This time of year is loaded with lists...of things you should and shouldn't do. This one by Guy Kawasaki may be one of the most complete I've ever read. It's practically a book full of advice given in a few paragraphs. While he intended it for small business, it applies to everyone, big or small.
Not surprisingly, my favorite point is the first one...put likeable, competent people on the front line. Seems like a no brainer. But, virtually every company does exactly the opposite. They let the lowest paid, least experienced talent make the first impressions. This is a culture developed by big business out of desparation...desparation to control every aspect of a customer interaction. Unfortunately, it often backfires. That's why small business is making a strong comeback, using hospitality...meaningful interactions and personal relationships...to build a loyal audience of raving fans and stealing market share in the process. Yes, there's plenty of stumbling in the process. But, who cares, as long as the customer is happy and there's enough in the financial tank to open tomorrow.
The smaller the business, the easier it is to put your best people on the firing line. It just works out naturally. The coffee shop owner is the barista, the the innkeeper is at the front desk, etc. But, as your business grows past one or two it becomes exponentially problematic. We're taught (in business school and by experience in other large companies) that when you add staff, you need to add managers to manage them...to control what and how much the group produces. We're taught that this is actually the coveted spot in the organization, first to manage front line workers, then to manage managers and so on. So, as one gets "smarter", they move further and further away from the customer.
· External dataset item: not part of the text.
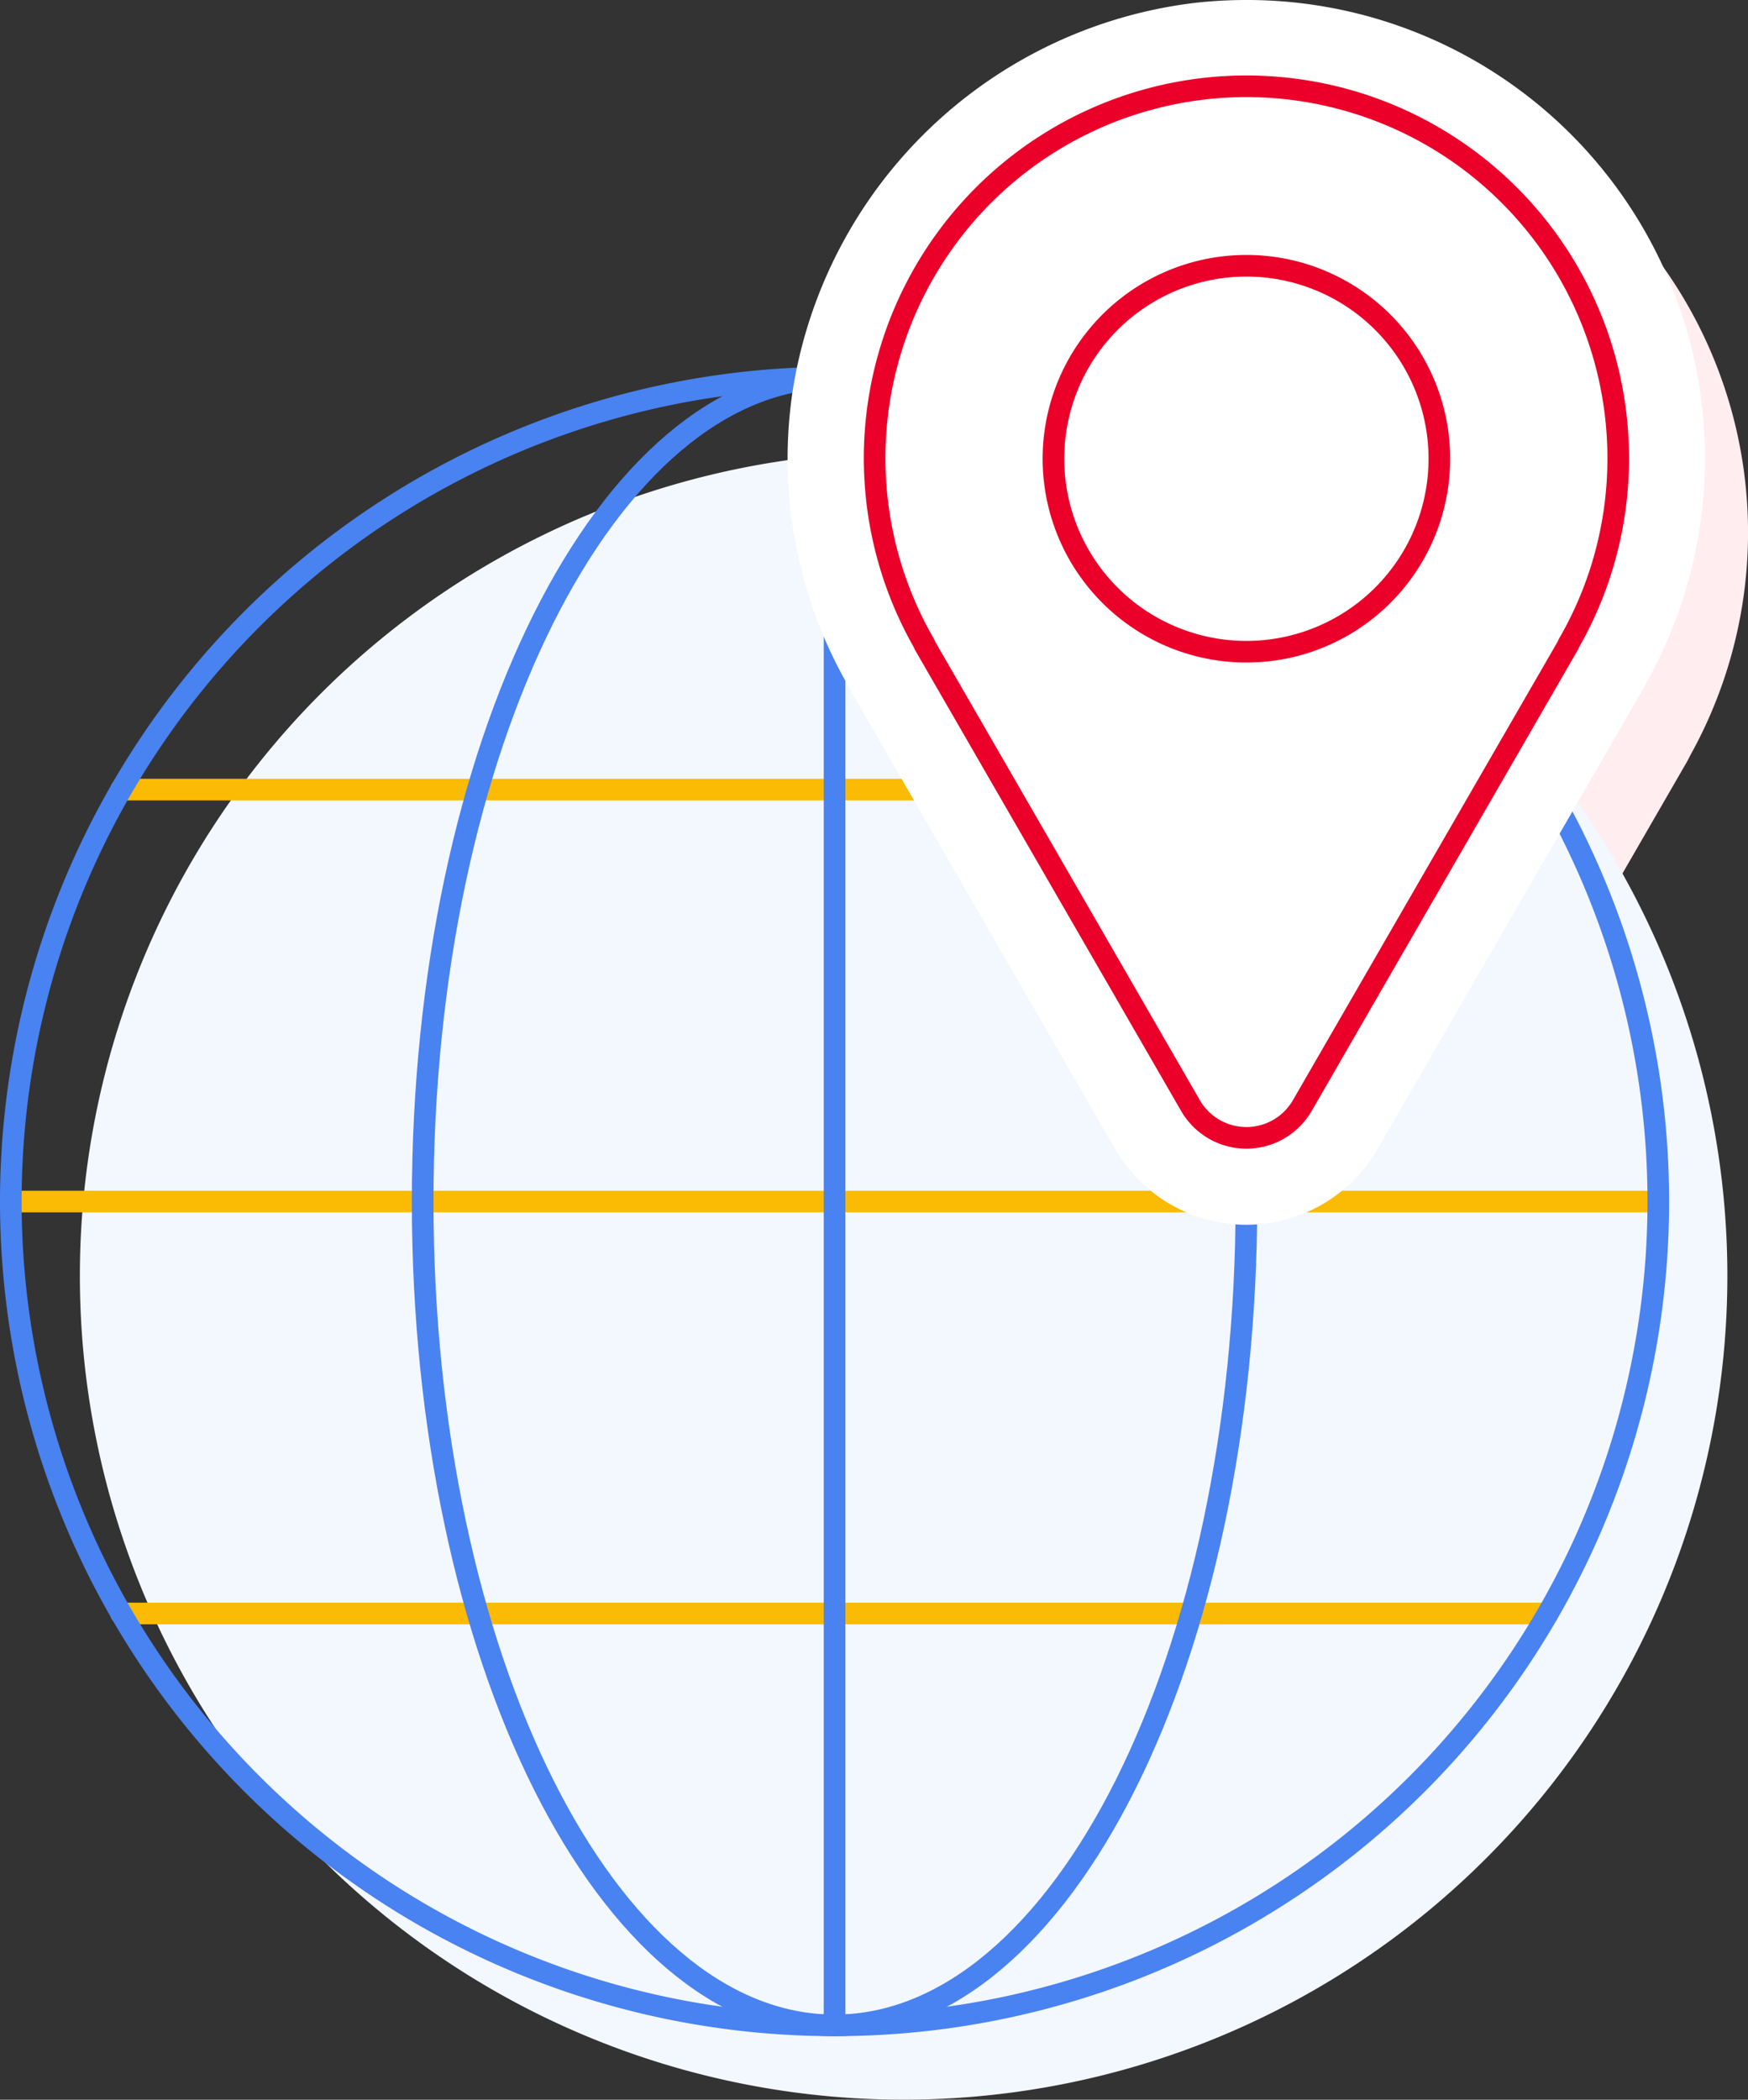 <svg xmlns="http://www.w3.org/2000/svg" width="161.68" height="194.183" viewBox="0 0 161.68 194.183"><rect x="0" y="0" width="161.68" height="194.183" fill="#333333" stroke="none"/><g id="Group_4072" data-name="Group 4072" transform="translate(-928.554 -450.686)"><path id="Path_2606" data-name="Path 2606" d="M997.256,452.977a43.368,43.368,0,0,0-4.662.252,42.855,42.855,0,0,0-37.233,35.442,42.123,42.123,0,0,0,4.827,27.317c.1.213.207.423.327.627l24.611,42.627a14.007,14.007,0,0,0,24.26,0L1034,516.615q.18-.315.333-.639a42.382,42.382,0,0,0-37.074-63Z" transform="translate(50.552 4.582)" fill="#ffedf0"></path><path id="Path_2607" data-name="Path 2607" d="M1084.067,540.817a76.192,76.192,0,1,1-76.2-76.2A76.194,76.194,0,0,1,1084.067,540.817Z" transform="translate(4.259 27.865)" fill="#f3f7fe"></path><line id="Line_81" data-name="Line 81" x2="152.38" transform="translate(929.554 561.807)" fill="none" stroke="#fbba03" stroke-linecap="round" stroke-linejoin="round" stroke-width="2"></line><line id="Line_82" data-name="Line 82" x2="131.991" transform="translate(939.751 523.708)" fill="none" stroke="#fbba03" stroke-linecap="round" stroke-linejoin="round" stroke-width="2"></line><line id="Line_83" data-name="Line 83" x2="131.991" transform="translate(939.751 599.901)" fill="none" stroke="#fbba03" stroke-linecap="round" stroke-linejoin="round" stroke-width="2"></line><path id="Path_2608" data-name="Path 2608" d="M1081.938,538.525a76.192,76.192,0,1,1-76.2-76.2A76.192,76.192,0,0,1,1081.938,538.525Z" transform="translate(0 23.283)" fill="none" stroke="#4982f1" stroke-linecap="round" stroke-linejoin="round" stroke-width="2"></path><path id="Path_2609" data-name="Path 2609" d="M1018.444,538.525c0,42.078-17.053,76.188-38.093,76.188s-38.1-34.109-38.1-76.188,17.056-76.2,38.1-76.2S1018.444,496.439,1018.444,538.525Z" transform="translate(25.397 23.283)" fill="none" stroke="#4982f1" stroke-linecap="round" stroke-linejoin="round" stroke-width="2"></path><line id="Line_84" data-name="Line 84" y2="152.38" transform="translate(1005.746 485.614)" fill="none" stroke="#4982f1" stroke-linecap="round" stroke-linejoin="round" stroke-width="2"></line><g id="Group_4071" data-name="Group 4071" transform="translate(1001.41 450.686)"><path id="Path_2610" data-name="Path 2610" d="M993.255,557.255a9.893,9.893,0,0,1-8.652-5l-24.611-42.624a4.4,4.4,0,0,1-.222-.447,38.173,38.173,0,0,1-4.443-24.869,38.784,38.784,0,0,1,33.692-32.069,40.1,40.1,0,0,1,4.233-.225,38.361,38.361,0,0,1,33.477,57.178,3.606,3.606,0,0,1-.213.432L1001.9,552.26A9.889,9.889,0,0,1,993.255,557.255Z" transform="translate(-950.824 -448.006)" fill="#fff"></path><path id="Path_2611" data-name="Path 2611" d="M990.574,453.365a34.346,34.346,0,0,1,29.759,51.568l.021.015-24.611,42.624a5.968,5.968,0,0,1-10.342,0l-24.611-42.624.024-.015a34.342,34.342,0,0,1,25.952-51.364,35.587,35.587,0,0,1,3.807-.2" transform="translate(-948.143 -445.327)" fill="#fff"></path><path id="Path_2612" data-name="Path 2612" d="M995.935,450.686a43.5,43.5,0,0,0-4.665.252,42.862,42.862,0,0,0-37.233,35.442,42.128,42.128,0,0,0,4.83,27.317c.1.213.207.423.327.627L983.8,556.951a14.01,14.01,0,0,0,24.263,0l24.611-42.627c.12-.21.231-.423.33-.639a42.382,42.382,0,0,0-37.071-63Z" transform="translate(-953.504 -450.686)" fill="#fff"></path></g><path id="Path_2613" data-name="Path 2613" d="M997.391,476.726a17.847,17.847,0,1,1-17.845-17.848A17.848,17.848,0,0,1,997.391,476.726Z" transform="translate(64.295 16.386)" fill="none" stroke="#ea0029" stroke-linecap="round" stroke-linejoin="round" stroke-width="2"></path><path id="Path_2614" data-name="Path 2614" d="M1024.963,487.754a34.389,34.389,0,1,0-64.147,17.179l-.024.015L985.4,547.572a5.97,5.97,0,0,0,10.342,0l24.611-42.624-.021-.015A34.2,34.2,0,0,0,1024.963,487.754Z" transform="translate(53.267 5.358)" fill="none" stroke="#ea0029" stroke-linecap="round" stroke-linejoin="round" stroke-width="2"></path></g></svg>

The irony is that as we move away from our customer, we actually get dumber. A dumber organization with more layers, i.e., overhead...how smart is that?
So, what to do...
The extreme would be to put the highest paid, most experienced group up front. But, this is financially challenging and organizationally ineffective, especially as you grow. The reality is that bigger means there's more administrative stuff to do. Here's a compromise. Make sure that more than half, closer to two thirds of your management (assuming they're the most competent and likeable) spend more time on the front line with their staff than in an office or cube. This means two things need to happen. Non-customer related work needs to be reduced or shifted elsewhere. If it's non-essential to building a loyal fan base, let someone else do it, i.e., outsourcing. Secondly, build a hospitality culture by hiring people who want to be near the customer. This is the hardest part. Odds are, you're not going to find them in the traditional places...at business school or at a large firm. So, if your priority is to build a hospitality culture (it should be), stop looking there. That means you'll need to either grow your own or find some in small business. Small business produces the most likeable and nimble talent on the planet...out of necessity. They either serve the customer remarkable well or they die. These people can infuse your company with the hospitlaity culture you need to be front line focused. Likely, they'll also be the ones that don't follow rules well or know how develop a fifty- page strategic plan. But remember, your customer isn't buying those things. They're buying likeable people who can quickly solve their problems. So, please get some.